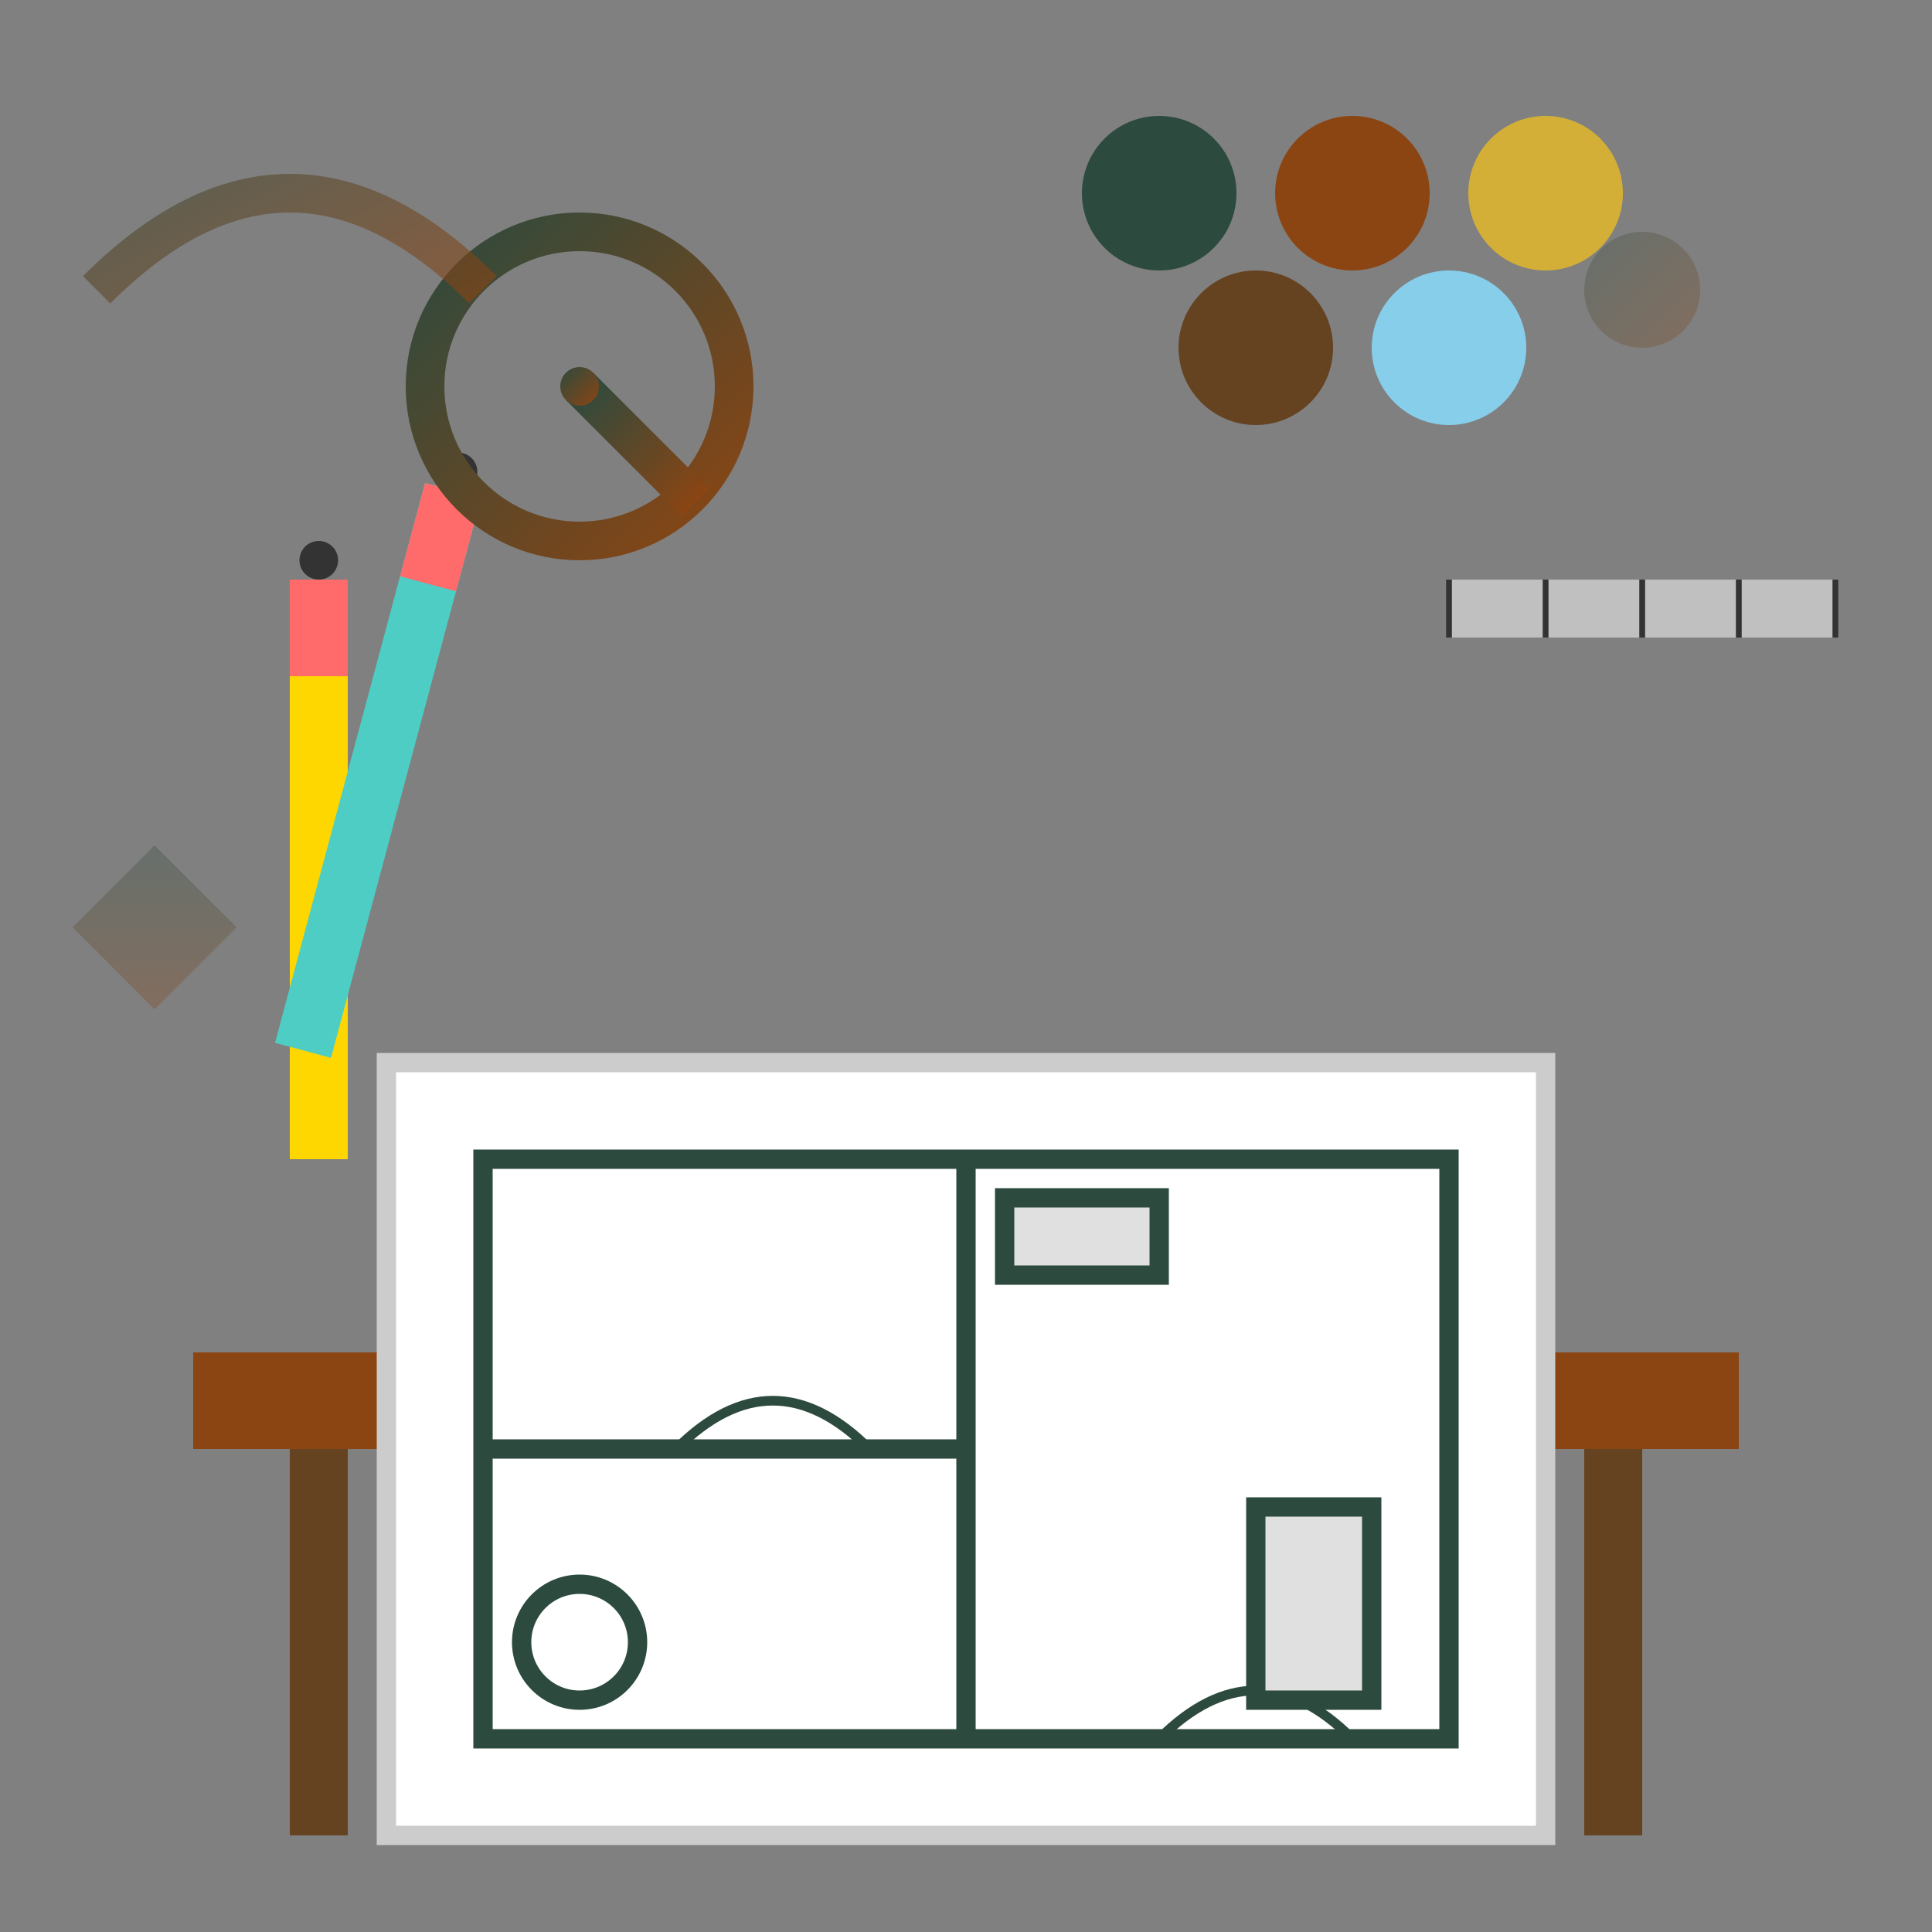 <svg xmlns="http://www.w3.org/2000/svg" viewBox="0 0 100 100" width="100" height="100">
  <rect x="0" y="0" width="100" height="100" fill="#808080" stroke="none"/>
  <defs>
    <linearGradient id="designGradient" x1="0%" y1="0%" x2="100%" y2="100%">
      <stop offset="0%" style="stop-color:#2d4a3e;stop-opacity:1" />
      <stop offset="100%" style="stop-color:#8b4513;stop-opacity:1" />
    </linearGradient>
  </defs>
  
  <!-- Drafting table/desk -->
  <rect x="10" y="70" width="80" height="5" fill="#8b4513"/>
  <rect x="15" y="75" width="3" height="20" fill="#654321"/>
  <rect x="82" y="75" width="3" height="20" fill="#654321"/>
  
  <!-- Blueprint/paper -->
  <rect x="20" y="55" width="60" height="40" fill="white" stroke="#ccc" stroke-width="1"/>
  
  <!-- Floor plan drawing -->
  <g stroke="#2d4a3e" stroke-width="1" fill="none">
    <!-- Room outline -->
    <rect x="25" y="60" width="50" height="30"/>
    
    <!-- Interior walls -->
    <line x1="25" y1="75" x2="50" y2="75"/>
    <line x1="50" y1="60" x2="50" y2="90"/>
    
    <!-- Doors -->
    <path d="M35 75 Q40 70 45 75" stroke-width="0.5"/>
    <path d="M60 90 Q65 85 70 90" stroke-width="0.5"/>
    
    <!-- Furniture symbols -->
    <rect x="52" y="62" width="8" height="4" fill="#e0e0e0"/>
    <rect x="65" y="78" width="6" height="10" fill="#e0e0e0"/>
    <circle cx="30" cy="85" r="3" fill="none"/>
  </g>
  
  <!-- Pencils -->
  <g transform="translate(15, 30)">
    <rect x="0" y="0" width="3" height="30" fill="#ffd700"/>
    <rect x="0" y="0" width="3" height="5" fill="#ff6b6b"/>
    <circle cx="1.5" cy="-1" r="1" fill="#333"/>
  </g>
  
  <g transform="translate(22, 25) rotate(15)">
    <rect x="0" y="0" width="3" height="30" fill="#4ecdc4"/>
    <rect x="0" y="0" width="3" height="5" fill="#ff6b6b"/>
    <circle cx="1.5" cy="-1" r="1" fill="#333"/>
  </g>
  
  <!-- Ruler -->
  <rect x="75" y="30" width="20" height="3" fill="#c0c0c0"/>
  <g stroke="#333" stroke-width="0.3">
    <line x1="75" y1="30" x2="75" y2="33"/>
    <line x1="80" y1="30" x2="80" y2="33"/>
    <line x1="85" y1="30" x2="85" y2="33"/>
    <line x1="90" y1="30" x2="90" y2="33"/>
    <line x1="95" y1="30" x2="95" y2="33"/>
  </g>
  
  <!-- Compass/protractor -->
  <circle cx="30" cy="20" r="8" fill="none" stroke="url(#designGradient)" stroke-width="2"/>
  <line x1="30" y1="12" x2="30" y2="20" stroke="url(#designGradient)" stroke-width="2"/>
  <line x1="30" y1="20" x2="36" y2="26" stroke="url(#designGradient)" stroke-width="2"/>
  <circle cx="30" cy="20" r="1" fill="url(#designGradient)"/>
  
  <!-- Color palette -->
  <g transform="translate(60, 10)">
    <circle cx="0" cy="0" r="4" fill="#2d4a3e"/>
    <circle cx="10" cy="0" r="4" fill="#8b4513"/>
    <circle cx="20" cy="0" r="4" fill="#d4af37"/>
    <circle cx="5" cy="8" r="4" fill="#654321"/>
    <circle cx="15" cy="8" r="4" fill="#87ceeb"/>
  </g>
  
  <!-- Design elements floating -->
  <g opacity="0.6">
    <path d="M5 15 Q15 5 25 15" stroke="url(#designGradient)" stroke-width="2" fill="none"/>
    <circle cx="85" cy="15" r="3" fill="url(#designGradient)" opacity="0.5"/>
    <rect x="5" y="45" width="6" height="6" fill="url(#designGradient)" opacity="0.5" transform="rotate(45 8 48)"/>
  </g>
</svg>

Directions –
Set down all of the data word for word; no pictures belong in it.

Written answer –
 <svg xmlns="http://www.w3.org/2000/svg" viewBox="0 0 100 100" width="100" height="100">
  <rect x="0" y="0" width="100" height="100" fill="#808080" stroke="none"/>
  <defs>
    <linearGradient id="designGradient" x1="0%" y1="0%" x2="100%" y2="100%">
      <stop offset="0%" style="stop-color:#2d4a3e;stop-opacity:1" />
      <stop offset="100%" style="stop-color:#8b4513;stop-opacity:1" />
    </linearGradient>
  </defs>
  
  <!-- Drafting table/desk -->
  <rect x="10" y="70" width="80" height="5" fill="#8b4513"/>
  <rect x="15" y="75" width="3" height="20" fill="#654321"/>
  <rect x="82" y="75" width="3" height="20" fill="#654321"/>
  
  <!-- Blueprint/paper -->
  <rect x="20" y="55" width="60" height="40" fill="white" stroke="#ccc" stroke-width="1"/>
  
  <!-- Floor plan drawing -->
  <g stroke="#2d4a3e" stroke-width="1" fill="none">
    <!-- Room outline -->
    <rect x="25" y="60" width="50" height="30"/>
    
    <!-- Interior walls -->
    <line x1="25" y1="75" x2="50" y2="75"/>
    <line x1="50" y1="60" x2="50" y2="90"/>
    
    <!-- Doors -->
    <path d="M35 75 Q40 70 45 75" stroke-width="0.5"/>
    <path d="M60 90 Q65 85 70 90" stroke-width="0.5"/>
    
    <!-- Furniture symbols -->
    <rect x="52" y="62" width="8" height="4" fill="#e0e0e0"/>
    <rect x="65" y="78" width="6" height="10" fill="#e0e0e0"/>
    <circle cx="30" cy="85" r="3" fill="none"/>
  </g>
  
  <!-- Pencils -->
  <g transform="translate(15, 30)">
    <rect x="0" y="0" width="3" height="30" fill="#ffd700"/>
    <rect x="0" y="0" width="3" height="5" fill="#ff6b6b"/>
    <circle cx="1.5" cy="-1" r="1" fill="#333"/>
  </g>
  
  <g transform="translate(22, 25) rotate(15)">
    <rect x="0" y="0" width="3" height="30" fill="#4ecdc4"/>
    <rect x="0" y="0" width="3" height="5" fill="#ff6b6b"/>
    <circle cx="1.5" cy="-1" r="1" fill="#333"/>
  </g>
  
  <!-- Ruler -->
  <rect x="75" y="30" width="20" height="3" fill="#c0c0c0"/>
  <g stroke="#333" stroke-width="0.3">
    <line x1="75" y1="30" x2="75" y2="33"/>
    <line x1="80" y1="30" x2="80" y2="33"/>
    <line x1="85" y1="30" x2="85" y2="33"/>
    <line x1="90" y1="30" x2="90" y2="33"/>
    <line x1="95" y1="30" x2="95" y2="33"/>
  </g>
  
  <!-- Compass/protractor -->
  <circle cx="30" cy="20" r="8" fill="none" stroke="url(#designGradient)" stroke-width="2"/>
  <line x1="30" y1="12" x2="30" y2="20" stroke="url(#designGradient)" stroke-width="2"/>
  <line x1="30" y1="20" x2="36" y2="26" stroke="url(#designGradient)" stroke-width="2"/>
  <circle cx="30" cy="20" r="1" fill="url(#designGradient)"/>
  
  <!-- Color palette -->
  <g transform="translate(60, 10)">
    <circle cx="0" cy="0" r="4" fill="#2d4a3e"/>
    <circle cx="10" cy="0" r="4" fill="#8b4513"/>
    <circle cx="20" cy="0" r="4" fill="#d4af37"/>
    <circle cx="5" cy="8" r="4" fill="#654321"/>
    <circle cx="15" cy="8" r="4" fill="#87ceeb"/>
  </g>
  
  <!-- Design elements floating -->
  <g opacity="0.6">
    <path d="M5 15 Q15 5 25 15" stroke="url(#designGradient)" stroke-width="2" fill="none"/>
    <circle cx="85" cy="15" r="3" fill="url(#designGradient)" opacity="0.5"/>
    <rect x="5" y="45" width="6" height="6" fill="url(#designGradient)" opacity="0.5" transform="rotate(45 8 48)"/>
  </g>
</svg>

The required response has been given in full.